EXERCISE:
Output must consist only of the lines of the material below from the one with "In the 8 frames" through the one with "Time elapsed from image 1: 1.8 s.", each reproduced exactly; no pictures belong in it.

DATA LISTING:
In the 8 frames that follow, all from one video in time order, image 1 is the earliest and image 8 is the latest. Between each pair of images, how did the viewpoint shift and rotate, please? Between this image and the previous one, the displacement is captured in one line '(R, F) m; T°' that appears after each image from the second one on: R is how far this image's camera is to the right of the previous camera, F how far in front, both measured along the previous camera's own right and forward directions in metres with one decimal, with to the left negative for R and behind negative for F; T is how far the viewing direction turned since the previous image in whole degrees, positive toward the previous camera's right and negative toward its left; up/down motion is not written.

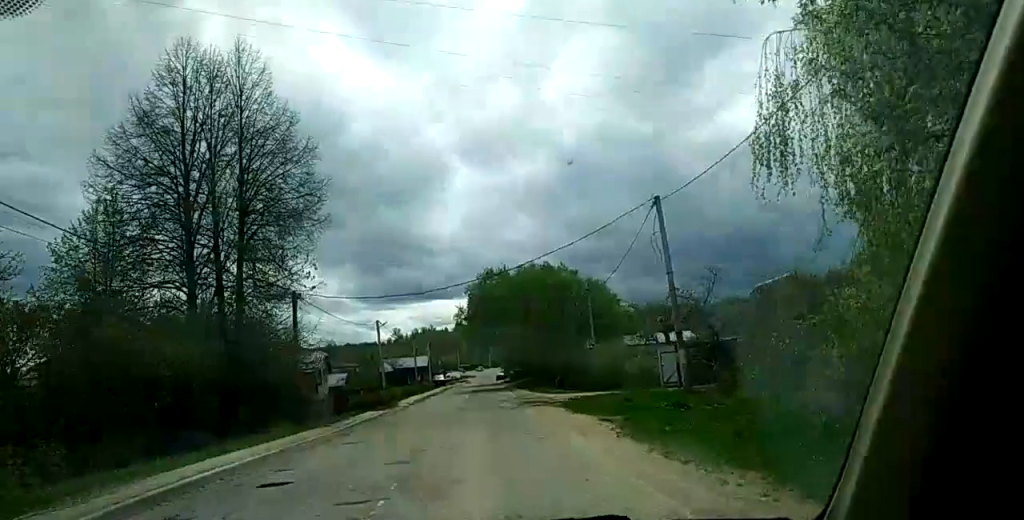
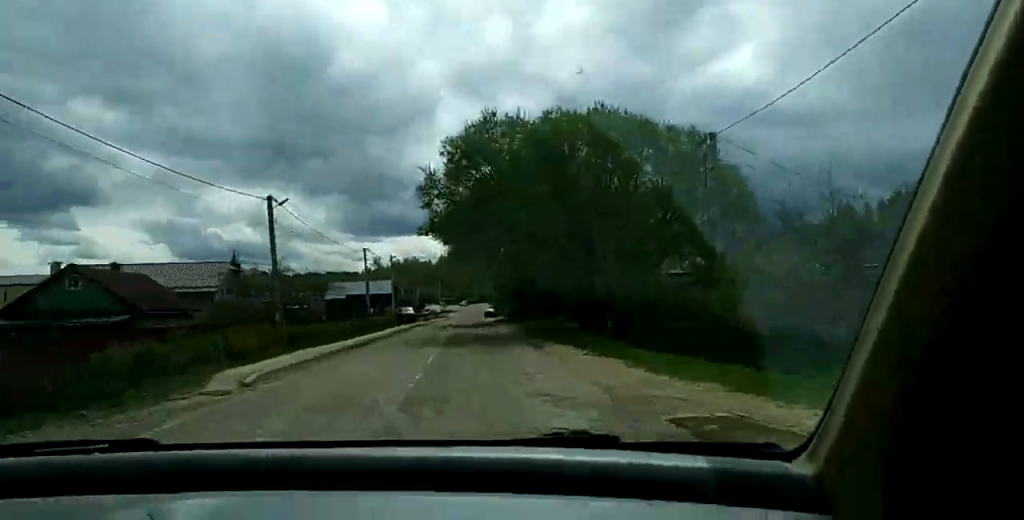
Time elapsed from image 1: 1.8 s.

==

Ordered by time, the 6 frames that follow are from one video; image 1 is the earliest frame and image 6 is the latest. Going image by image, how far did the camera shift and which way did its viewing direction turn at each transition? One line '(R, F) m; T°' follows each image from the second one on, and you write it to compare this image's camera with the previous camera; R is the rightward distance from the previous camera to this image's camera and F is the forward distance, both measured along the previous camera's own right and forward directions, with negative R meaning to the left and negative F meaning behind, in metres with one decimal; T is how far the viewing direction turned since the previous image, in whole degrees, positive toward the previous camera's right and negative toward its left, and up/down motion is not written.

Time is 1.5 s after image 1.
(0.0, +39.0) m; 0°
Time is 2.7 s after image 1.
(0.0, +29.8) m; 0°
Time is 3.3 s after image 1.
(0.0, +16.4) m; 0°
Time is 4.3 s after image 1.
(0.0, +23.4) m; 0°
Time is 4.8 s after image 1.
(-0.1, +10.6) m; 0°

WRITTEN ANSWER:
In the 8 frames that follow, all from one video in time order, image 1 is the earliest and image 8 is the latest. Between each pair of images, how did the viewpoint shift and rotate, please? Between this image and the previous one, the displacement is captured in one line '(R, F) m; T°' that appears after each image from the second one on: R is how far this image's camera is to the right of the previous camera, F how far in front, both measured along the previous camera's own right and forward directions in metres with one decimal, with to the left negative for R and behind negative for F; T is how far the viewing direction turned since the previous image in whole degrees, positive toward the previous camera's right and negative toward its left; up/down motion is not written.

Time elapsed from image 1: 1.8 s.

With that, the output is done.